Dataset records START
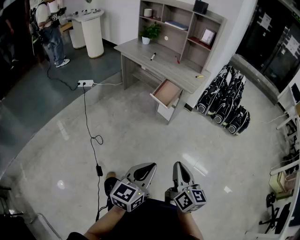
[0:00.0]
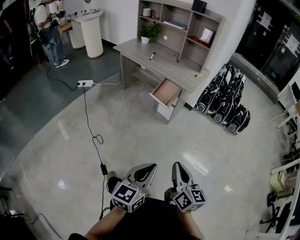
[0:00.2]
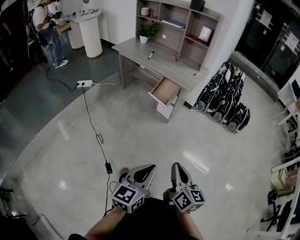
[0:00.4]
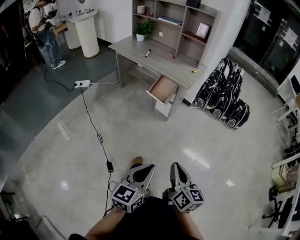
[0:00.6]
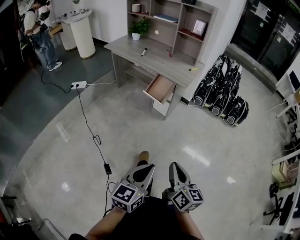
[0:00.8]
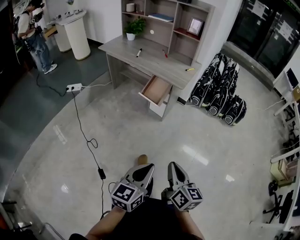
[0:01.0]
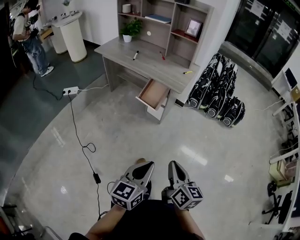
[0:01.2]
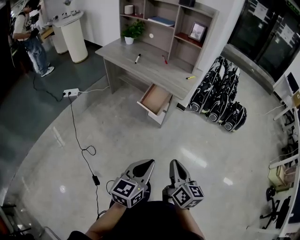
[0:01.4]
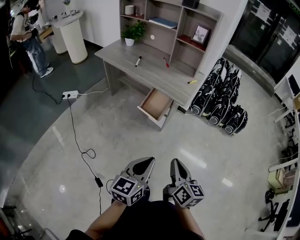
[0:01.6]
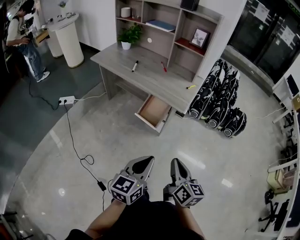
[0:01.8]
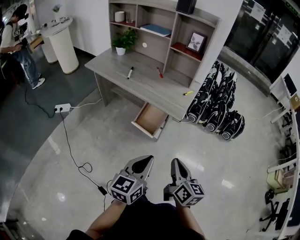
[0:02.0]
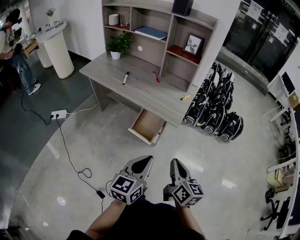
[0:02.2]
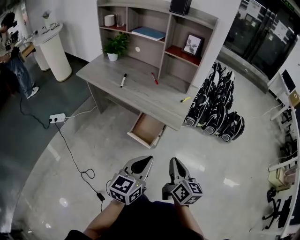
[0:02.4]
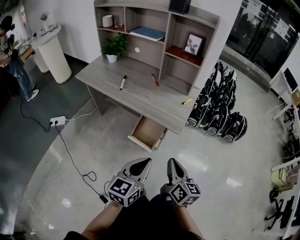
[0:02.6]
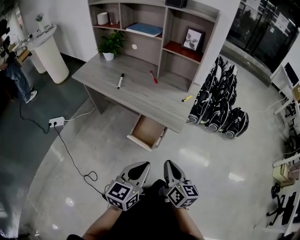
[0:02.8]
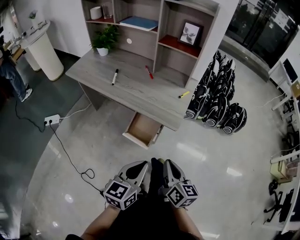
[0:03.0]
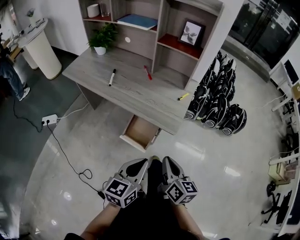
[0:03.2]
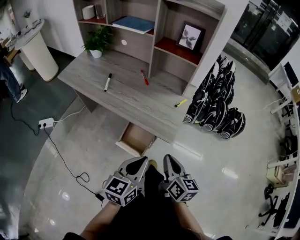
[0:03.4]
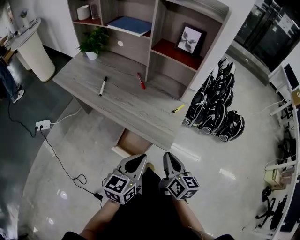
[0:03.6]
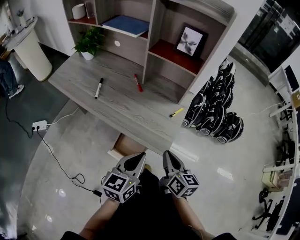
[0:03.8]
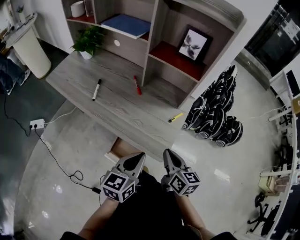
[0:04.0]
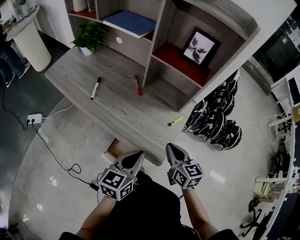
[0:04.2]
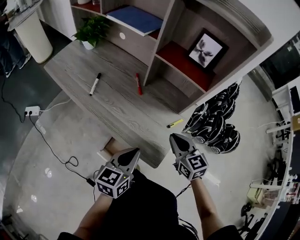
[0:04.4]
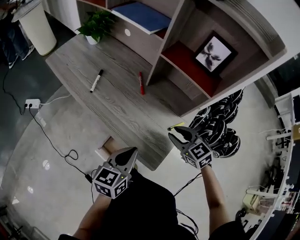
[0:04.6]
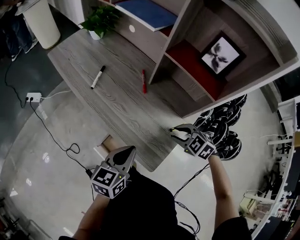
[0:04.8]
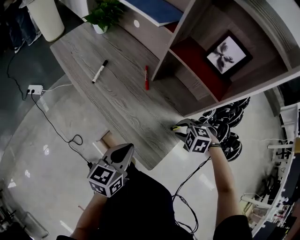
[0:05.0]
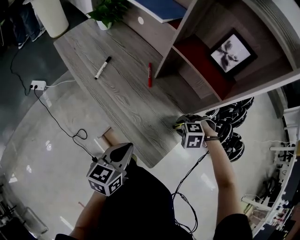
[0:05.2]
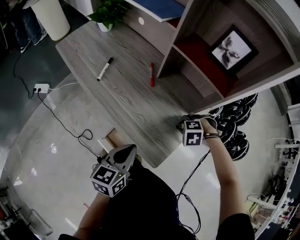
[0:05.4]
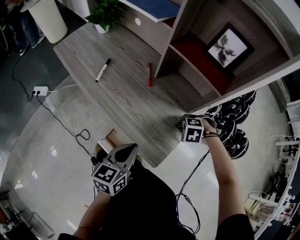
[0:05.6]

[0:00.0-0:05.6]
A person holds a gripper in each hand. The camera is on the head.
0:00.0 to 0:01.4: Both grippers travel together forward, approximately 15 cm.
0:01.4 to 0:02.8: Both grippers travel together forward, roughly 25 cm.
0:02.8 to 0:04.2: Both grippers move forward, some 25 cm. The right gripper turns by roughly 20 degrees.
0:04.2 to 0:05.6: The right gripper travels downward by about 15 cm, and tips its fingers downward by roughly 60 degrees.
Dataset records END
▶ What is being asked
The expected output is every entry above, retyped exactly, with the pictures removed.

▶ Answer to the problem
[0:00.0]
[0:00.2]
[0:00.4]
[0:00.6]
[0:00.8]
[0:01.0]
[0:01.2]
[0:01.4]
[0:01.6]
[0:01.8]
[0:02.0]
[0:02.2]
[0:02.4]
[0:02.6]
[0:02.8]
[0:03.0]
[0:03.2]
[0:03.4]
[0:03.6]
[0:03.8]
[0:04.0]
[0:04.2]
[0:04.4]
[0:04.6]
[0:04.8]
[0:05.0]
[0:05.2]
[0:05.4]
[0:05.6]

[0:00.0-0:05.6]
A person holds a gripper in each hand. The camera is on the head.
0:00.0 to 0:01.4: Both grippers travel together forward, approximately 15 cm.
0:01.4 to 0:02.8: Both grippers travel together forward, roughly 25 cm.
0:02.8 to 0:04.2: Both grippers move forward, some 25 cm. The right gripper turns by roughly 20 degrees.
0:04.2 to 0:05.6: The right gripper travels downward by about 15 cm, and tips its fingers downward by roughly 60 degrees.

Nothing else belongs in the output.